The Court granted the union motion. It held that the ruling, imposed statewide, would materially change the way discovery of information from peace officer personnel records in criminal cases has been conducted for the past four decades. As a practical matter, it would require all state and local law enforcement agencies to notify prosecutors, on an ongoing basis as cases are filed, whenever an officer who is a witness has a founded allegation of misconduct in his or her personnel file relevant to veracity. Such a requirement would affect hundreds of law enforcement agencies and untold numbers of individual peace officers across the state. Based upon LASD personnel records, the proposed disclosure identifies the deputy by name and serial number and connects him or her to administratively sustained allegations of misconduct involving moral turpitude or other bad acts, without first requiring the criminal defendant to meet its burden of proving relevancy. The court also held that the prosecution has no obligation to search the law enforcement personnel files. Absent a successful Pitchess motion of its own, the prosecution has no right of access to and thus no constructive possession of personnel files or their content. The Court also made note that potential impeachment must be considered in light of the officer’s particular role in the case. “Not all ‘potential’ LASD witnesses in a criminal case, however, will be significant enough that impeachment information in their personnel files will be material, which Brady requires as a prerequisite to disclosure.

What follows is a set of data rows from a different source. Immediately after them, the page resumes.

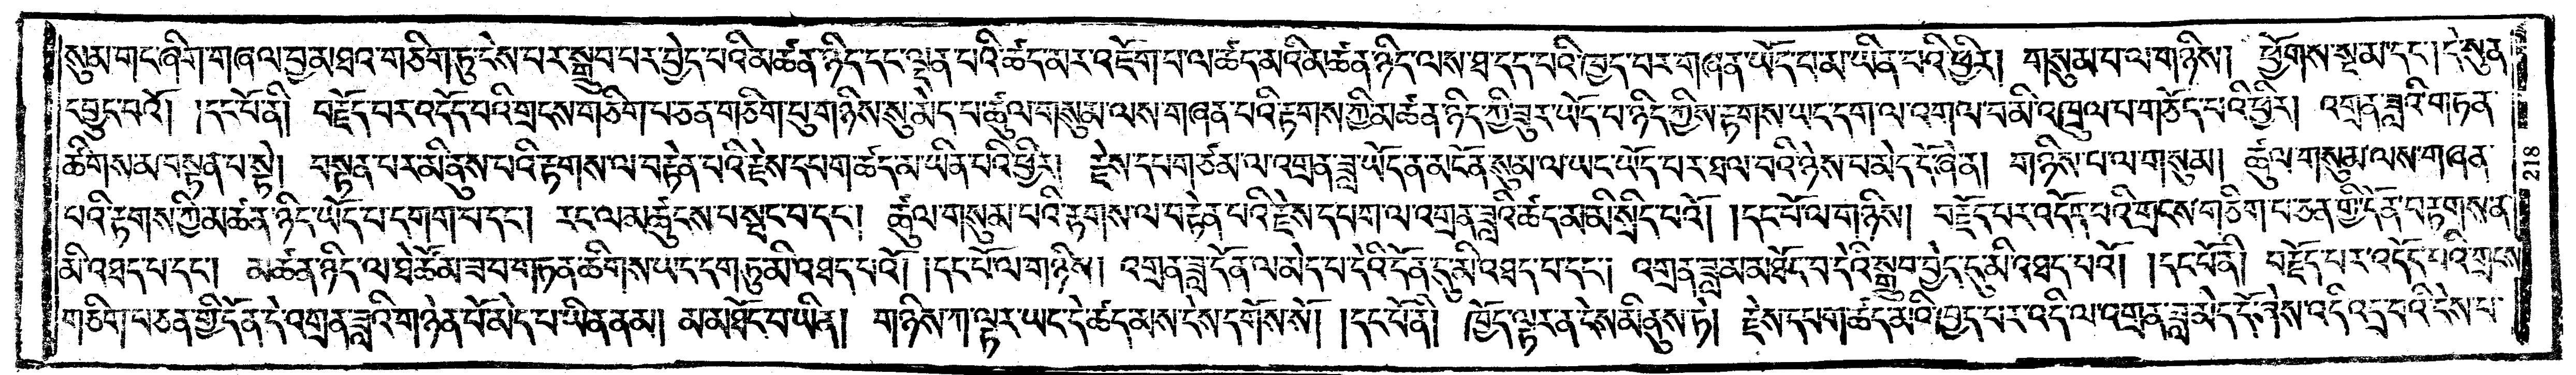སུམ་གང་ཞིག་གཞལ་བྱ་མཐའ་གཅིག་ཏུ་ངེས་པར་སྒྲུབ་པར་བྱེད་པའི་མཚན་ཉིད་དང་ལྡན་པའི་ཚད་མར་འཇོག་པ་ལ་ཚད་མའི་མཚན་ཉིད་ལས་ཐ་དད་པའི་ཁྱད་པར་གཞན་ཡོད་པ་མ་ཡིན་པའི་ཕྱིར། གསུམ་པ་ལ་གཉིས། ཕྱོགས་སྔ་མ་དང་། དེ་སུན་
དབྱུང་བའོ། །དང་པོ་ནི། བརྗོད་པར་འདོད་པའི་གྲངས་གཅིག་པ་ཅན་གཅིག་པུ་གཉིས་སུ་མེད་པ་ཚུལ་གསུམ་ལས་གཞན་པའི་རྟགས་ཀྱི་མཚན་ཉིད་ཀྱི་ཟུར་ཡོད་པ་ཉིད་ཀྱིས་རྟགས་ཡང་དག་ལ་འགལ་བ་མི་འཁྲུལ་པ་གཅོད་པའི་ཕྱིར། འགྲན་ཟླའི་གཏན་
ཚིགས་མ་བསྟན་པ་སྟེ། བསྟན་པར་མི་ནུས་པའི་རྟགས་ལ་བརྟེན་པའི་རྗེས་དཔག་ཚད་མ་ཡིན་པའི་ཕྱིར། རྗེས་དཔག་ཙམ་ལ་འགྲན་ཟླ་ཡོད་ན་མངོན་སུམ་ལ་ཡང་ཡོད་པར་ཐལ་བའི་ཉེས་པ་མེད་དོ་ཞེ་ན། གཉིས་པ་ལ་གསུམ། ཚུལ་གསུམ་ལས་གཞན་
པའི་རྟགས་ཀྱི་མཚན་ཉིད་ཡོད་པ་དགག་པ་དང་། རང་ལ་མཚུངས་པ་སྤང་བ་དང་། ཚུལ་གསུམ་པའི་རྟགས་ལ་བརྟེན་པའི་རྗེས་དཔག་ལ་འགྲན་ཟླའི་ཚད་མ་མི་སྲིད་པའོ། །དང་པོ་ལ་གཉིས། བརྗོད་པར་འདོད་པའི་གྲངས་གཅིག་པ་ཅན་གྱི་དོན་བརྟགས་ན་
མི་འཐད་པ་དང་། མཚན་ཉིད་ལ་ཐེ་ཚོམ་ཟ་བ་གཏན་ཚིགས་ཡང་དག་ཏུ་མི་འཐད་པའོ། །དང་པོ་ལ་གཉིས། འགྲན་ཟླ་དོན་ལ་མེད་པ་དེའི་དོན་དུ་མི་འཐད་པ་དང་། འགྲན་ཟླ་མ་མཐོང་བ་དེའི་སྒྲུབ་བྱེད་དུ་མི་འཐད་པའོ། །དང་པོ་ནི། བརྗོད་པར་འདོད་པའི་གྲངས་
གཅིག་པ་ཅན་གྱི་དོན་དེ་འགྲན་ཟླའི་གཉེན་པོ་མེད་པ་ཡིན་ནམ། མ་མཐོང་བ་ཡིན། གཉིས་ཀ་ལྟར་ཡང་དེ་ཚད་མས་ངེས་དགོས་སོ། །དང་པོ་ནི། ཁྱོད་ལྟར་ན་ངེས་མི་ནུས་ཏེ། རྗེས་དཔག་ཚད་མའི་ཁྱད་པར་འདི་ལ་འགྲན་ཟླ་མེད་དོ་ཞེས་འདི་འདྲ་བའི་ངེས་པ་

For example, while the credibility of a homicide detective who obtains an unrecorded confession from a murder defendant would likely be a material issue at trial, that of a patrol deputy who simply arrests the defendant but otherwise generates no incriminating evidence likely would not be. In the latter situation, impeachment information in the deputy’s personnel file likely would not be material under Brady and thus there would be no disclosure obligation.”
The trial court was ordered to strike from the injunction any language that allows real parties or any of them to disclose the identity of any individual deputy on the LASD’s Brady list to any individual or entity outside the LASD, even if the deputy is a witness in a pending criminal prosecution, absent a properly filed, heard, and granted Pitchess motion, accompanied by a corresponding court order. Discovery in a criminal case is not intended to be a fishing expedition for criminal defense lawyers with an agenda to portray law enforcement in a bad light. After all the rule of law is meant to be both a sword and a shield, just ask St. Michael.